_Task directions_: Go through the lines below one by one and count those holding the string "frac". Give the count alone.

_Data excerpts_:
—————
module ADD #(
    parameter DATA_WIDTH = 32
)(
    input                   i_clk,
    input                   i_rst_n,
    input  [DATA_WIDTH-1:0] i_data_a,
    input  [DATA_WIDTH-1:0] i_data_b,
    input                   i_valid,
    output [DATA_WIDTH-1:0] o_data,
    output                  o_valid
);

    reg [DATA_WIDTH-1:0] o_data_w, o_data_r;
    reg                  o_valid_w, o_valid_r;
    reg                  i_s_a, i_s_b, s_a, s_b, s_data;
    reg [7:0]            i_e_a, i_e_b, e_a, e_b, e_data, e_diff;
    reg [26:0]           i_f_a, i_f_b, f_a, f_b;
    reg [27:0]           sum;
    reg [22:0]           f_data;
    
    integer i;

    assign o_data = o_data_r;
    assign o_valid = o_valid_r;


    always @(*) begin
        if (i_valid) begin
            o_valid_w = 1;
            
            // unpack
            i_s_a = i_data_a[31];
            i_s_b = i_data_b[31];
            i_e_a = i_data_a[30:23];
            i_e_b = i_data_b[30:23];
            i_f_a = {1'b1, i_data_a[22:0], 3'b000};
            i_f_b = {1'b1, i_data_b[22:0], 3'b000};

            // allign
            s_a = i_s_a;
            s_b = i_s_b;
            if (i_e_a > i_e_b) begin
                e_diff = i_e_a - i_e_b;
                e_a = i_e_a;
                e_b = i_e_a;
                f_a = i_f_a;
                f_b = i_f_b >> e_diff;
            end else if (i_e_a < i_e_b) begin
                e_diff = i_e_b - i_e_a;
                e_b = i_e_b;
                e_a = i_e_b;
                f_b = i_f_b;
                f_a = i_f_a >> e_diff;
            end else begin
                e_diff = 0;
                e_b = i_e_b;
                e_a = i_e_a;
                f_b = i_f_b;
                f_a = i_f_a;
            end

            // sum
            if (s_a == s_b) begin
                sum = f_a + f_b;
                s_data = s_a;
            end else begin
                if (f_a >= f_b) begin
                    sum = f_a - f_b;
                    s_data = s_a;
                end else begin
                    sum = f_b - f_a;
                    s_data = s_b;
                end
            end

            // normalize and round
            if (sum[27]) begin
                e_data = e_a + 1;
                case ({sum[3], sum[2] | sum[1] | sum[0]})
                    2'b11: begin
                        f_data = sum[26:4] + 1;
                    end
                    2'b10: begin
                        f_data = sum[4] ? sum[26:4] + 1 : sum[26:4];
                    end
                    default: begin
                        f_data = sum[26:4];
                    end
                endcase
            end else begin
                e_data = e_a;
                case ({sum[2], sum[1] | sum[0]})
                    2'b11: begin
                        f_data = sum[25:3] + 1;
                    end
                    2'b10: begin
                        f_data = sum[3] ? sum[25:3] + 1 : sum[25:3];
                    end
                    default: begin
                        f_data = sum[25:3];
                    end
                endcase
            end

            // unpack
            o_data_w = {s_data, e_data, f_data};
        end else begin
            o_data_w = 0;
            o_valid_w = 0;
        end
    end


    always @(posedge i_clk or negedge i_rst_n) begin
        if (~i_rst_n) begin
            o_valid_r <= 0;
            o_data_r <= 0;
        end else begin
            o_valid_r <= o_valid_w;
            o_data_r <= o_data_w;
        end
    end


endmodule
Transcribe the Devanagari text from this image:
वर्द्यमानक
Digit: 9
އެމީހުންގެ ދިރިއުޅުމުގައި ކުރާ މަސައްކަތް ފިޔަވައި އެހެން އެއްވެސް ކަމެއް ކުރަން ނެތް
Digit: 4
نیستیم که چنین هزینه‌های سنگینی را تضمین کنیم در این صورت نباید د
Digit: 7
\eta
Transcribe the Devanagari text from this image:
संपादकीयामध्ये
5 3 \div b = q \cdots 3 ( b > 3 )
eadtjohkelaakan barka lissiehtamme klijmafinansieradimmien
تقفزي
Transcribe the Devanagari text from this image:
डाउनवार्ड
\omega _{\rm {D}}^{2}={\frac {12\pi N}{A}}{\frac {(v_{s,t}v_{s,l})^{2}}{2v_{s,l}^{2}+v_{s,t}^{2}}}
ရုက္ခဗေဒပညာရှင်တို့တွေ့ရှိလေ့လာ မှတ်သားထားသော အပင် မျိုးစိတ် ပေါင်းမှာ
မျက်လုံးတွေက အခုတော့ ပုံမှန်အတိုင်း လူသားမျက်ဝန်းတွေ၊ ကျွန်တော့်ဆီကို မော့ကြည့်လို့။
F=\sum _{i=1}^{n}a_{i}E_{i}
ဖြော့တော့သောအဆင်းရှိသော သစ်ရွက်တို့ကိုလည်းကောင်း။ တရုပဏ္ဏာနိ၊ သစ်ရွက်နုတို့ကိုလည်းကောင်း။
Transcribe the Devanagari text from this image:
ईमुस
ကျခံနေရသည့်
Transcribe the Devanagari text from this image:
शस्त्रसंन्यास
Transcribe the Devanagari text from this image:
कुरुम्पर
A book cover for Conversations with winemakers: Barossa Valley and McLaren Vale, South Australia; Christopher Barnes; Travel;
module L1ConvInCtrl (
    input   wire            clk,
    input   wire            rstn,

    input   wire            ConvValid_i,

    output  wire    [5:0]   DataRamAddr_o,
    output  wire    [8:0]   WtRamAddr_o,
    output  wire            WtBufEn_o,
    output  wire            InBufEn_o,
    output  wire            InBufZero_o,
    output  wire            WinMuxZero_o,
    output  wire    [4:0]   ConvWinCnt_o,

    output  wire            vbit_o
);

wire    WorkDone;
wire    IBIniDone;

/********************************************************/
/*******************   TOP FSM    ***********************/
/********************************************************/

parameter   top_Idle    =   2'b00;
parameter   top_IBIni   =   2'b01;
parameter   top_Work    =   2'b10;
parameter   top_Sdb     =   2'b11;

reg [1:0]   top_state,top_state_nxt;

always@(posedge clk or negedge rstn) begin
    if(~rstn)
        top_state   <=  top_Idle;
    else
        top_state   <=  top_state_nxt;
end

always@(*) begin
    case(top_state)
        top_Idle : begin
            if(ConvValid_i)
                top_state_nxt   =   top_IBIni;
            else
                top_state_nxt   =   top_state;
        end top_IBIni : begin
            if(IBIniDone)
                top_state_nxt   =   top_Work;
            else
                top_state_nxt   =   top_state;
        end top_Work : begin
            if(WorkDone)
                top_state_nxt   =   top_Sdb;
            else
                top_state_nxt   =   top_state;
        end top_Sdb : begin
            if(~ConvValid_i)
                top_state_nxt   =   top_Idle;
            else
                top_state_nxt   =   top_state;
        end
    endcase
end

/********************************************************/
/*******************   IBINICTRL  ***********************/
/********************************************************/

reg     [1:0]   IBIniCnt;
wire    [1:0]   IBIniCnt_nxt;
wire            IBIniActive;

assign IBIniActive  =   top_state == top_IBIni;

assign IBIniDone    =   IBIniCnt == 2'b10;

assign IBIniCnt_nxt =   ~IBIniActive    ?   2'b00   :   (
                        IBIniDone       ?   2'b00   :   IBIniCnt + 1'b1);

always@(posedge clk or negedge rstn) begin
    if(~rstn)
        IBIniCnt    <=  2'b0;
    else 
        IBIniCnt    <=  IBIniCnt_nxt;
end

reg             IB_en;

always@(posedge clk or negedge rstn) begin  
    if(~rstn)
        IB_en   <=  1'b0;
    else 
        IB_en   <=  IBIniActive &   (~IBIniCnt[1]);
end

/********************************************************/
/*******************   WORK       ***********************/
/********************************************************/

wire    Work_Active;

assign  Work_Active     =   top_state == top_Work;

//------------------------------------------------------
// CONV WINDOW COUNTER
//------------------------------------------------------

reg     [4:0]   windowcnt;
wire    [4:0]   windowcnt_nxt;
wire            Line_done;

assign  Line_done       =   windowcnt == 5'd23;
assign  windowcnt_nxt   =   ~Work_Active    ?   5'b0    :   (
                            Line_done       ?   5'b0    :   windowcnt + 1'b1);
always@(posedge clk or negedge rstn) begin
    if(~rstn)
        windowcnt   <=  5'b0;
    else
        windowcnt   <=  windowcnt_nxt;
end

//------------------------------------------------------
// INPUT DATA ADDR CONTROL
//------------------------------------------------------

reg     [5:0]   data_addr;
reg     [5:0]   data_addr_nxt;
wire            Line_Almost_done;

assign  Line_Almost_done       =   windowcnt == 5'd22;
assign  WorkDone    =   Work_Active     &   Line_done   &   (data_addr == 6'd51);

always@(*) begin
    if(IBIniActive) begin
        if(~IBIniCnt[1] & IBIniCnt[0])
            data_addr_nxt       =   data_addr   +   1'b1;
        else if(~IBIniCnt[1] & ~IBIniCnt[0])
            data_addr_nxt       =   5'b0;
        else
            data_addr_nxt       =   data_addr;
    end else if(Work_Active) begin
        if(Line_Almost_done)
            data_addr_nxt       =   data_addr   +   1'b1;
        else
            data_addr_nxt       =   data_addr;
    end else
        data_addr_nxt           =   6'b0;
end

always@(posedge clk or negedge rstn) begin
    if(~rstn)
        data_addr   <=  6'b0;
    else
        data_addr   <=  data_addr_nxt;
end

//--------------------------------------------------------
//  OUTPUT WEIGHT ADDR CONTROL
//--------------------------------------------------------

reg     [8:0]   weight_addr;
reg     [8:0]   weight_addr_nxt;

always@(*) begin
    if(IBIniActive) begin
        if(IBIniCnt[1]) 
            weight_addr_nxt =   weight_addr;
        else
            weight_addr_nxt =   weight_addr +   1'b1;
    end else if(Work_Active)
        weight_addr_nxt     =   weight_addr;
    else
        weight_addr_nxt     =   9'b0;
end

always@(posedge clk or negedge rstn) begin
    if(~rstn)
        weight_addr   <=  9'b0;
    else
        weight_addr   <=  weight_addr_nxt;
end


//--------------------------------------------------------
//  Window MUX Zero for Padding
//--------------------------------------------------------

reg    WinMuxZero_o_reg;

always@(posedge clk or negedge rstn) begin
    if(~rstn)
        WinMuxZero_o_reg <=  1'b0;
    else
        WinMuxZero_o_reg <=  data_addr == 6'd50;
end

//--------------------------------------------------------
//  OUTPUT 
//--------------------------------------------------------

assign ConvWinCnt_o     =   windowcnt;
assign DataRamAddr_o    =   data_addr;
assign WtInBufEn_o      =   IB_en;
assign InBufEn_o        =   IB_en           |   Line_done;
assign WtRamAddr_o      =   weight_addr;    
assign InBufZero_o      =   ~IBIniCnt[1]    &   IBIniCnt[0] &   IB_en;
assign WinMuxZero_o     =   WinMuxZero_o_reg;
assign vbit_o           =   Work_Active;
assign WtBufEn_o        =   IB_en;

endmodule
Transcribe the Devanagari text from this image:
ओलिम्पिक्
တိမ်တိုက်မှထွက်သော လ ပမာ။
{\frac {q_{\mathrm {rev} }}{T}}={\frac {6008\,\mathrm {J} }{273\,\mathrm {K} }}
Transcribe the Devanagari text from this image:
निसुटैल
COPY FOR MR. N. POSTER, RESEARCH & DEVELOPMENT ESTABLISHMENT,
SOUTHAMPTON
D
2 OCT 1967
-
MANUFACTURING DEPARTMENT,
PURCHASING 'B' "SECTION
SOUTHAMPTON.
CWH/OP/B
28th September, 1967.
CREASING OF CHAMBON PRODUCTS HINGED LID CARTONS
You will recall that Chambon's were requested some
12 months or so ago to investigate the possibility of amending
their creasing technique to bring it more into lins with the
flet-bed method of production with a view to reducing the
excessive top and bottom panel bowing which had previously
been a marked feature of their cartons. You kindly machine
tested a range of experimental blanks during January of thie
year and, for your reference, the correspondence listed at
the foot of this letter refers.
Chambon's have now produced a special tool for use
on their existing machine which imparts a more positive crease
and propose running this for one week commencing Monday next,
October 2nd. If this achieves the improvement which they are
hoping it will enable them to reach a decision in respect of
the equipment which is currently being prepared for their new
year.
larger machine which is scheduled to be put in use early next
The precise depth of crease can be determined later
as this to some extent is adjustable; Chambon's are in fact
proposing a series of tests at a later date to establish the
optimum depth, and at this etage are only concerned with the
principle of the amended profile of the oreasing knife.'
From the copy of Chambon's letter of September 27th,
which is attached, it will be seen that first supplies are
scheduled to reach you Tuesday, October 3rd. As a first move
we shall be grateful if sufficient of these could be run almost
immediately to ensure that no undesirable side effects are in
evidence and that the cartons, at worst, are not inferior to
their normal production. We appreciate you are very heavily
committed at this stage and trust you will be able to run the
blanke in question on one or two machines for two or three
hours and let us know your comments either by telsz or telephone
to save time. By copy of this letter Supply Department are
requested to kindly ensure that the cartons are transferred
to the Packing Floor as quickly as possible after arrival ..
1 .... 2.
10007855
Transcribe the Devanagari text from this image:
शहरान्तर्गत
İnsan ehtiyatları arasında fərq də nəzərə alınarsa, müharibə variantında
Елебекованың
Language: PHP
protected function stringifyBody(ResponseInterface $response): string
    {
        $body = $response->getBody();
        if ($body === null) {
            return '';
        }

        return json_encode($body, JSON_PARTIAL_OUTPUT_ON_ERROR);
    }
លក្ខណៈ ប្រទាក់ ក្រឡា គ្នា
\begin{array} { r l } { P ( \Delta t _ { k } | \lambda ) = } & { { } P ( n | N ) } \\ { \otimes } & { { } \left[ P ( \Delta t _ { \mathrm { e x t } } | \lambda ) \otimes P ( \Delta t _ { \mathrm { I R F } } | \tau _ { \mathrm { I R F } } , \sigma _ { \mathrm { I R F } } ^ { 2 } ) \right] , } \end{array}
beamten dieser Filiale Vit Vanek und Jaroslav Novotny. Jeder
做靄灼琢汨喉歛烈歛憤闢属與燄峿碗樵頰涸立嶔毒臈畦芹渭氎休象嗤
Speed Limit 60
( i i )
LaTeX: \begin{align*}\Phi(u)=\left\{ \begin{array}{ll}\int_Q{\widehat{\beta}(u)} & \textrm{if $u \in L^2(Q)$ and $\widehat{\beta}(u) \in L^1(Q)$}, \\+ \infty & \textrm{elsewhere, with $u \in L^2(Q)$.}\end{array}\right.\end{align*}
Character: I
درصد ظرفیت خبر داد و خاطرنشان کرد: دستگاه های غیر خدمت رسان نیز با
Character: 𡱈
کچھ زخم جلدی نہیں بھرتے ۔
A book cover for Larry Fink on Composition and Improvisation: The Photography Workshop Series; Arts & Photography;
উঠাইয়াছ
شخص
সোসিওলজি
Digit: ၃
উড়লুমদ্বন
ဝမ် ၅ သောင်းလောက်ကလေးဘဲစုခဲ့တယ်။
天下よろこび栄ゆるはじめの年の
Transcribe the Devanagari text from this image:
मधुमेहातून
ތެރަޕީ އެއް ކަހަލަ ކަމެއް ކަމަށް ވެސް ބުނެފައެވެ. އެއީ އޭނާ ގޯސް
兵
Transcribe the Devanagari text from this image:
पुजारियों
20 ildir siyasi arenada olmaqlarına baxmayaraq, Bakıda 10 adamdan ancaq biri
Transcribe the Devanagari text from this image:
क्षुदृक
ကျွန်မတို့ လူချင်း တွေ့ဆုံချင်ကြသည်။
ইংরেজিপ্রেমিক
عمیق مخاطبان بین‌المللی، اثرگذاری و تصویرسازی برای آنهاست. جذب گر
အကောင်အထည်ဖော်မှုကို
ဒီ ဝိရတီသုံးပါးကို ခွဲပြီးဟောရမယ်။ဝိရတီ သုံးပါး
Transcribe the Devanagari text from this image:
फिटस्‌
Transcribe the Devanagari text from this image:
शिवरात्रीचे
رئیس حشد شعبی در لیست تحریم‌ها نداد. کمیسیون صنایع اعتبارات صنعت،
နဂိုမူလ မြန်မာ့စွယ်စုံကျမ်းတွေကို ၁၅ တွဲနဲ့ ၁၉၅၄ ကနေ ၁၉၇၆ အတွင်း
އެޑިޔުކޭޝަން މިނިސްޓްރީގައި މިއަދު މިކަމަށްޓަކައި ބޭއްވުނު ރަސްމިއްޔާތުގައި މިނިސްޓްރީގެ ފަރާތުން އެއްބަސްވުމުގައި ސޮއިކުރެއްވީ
—————
_Task response_: 2